Instead if attempting to visualize the impossible in your head, you should probably just focus on the impossible images on the screen. Space Pirate Mito is escapism at its silliest, pitting cartoon space pirates against cartoon space marines, all in this aggressively colorful style that all but screams "kid show". While the animation is no better and no worse than anything else in that genre, it certainly fits, especially when inept detective siblings Mutsuki and Masatsuki show up in their Mecha-of-the-Day. If anything, it's in the occasional serious bits where the too-simplistic art style seems to fail just a bit.

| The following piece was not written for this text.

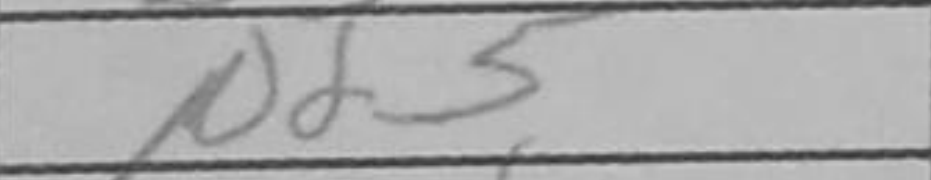
Transcription: Nd5

After all, it's not JUST fun and games - there's actually a romantic subplot involving Aoi and Mutsuki, and there's a few gender confusion issues thrown in just to be weird.
And there's the inherent problem with this show: too much emphasis is placed on doing stuff just to be weird, and not nearly enough of the plotting revolves around developing the characters or their motivations. Everyone seems stereotyped and one-dimensional, and it seems the creators really had a hard time deciding when Mito was going to be her "cute" self or her "serious" self. At least Kawakami Tomoko as Mito manages to keep herself in character for the most part, but admittedly it's hard NOT to be cute when you're this little girl who wears ribbons on top of her ribbons!
Compounded upon the silliness is an English dub in which Aoi becomes "Owie", which I guess pretty well answers the childbirth question I asked in the first paragraph, but really just plain sounds bizarre and painful. Some Japanese names simply don't scan well in English language dialogue, and Space Pirate Mito shares this exact problem of vowel-butchering with Ai Yori Aoshi. I recommend sticking with the sub track on this one, though I doubt kids would care either way.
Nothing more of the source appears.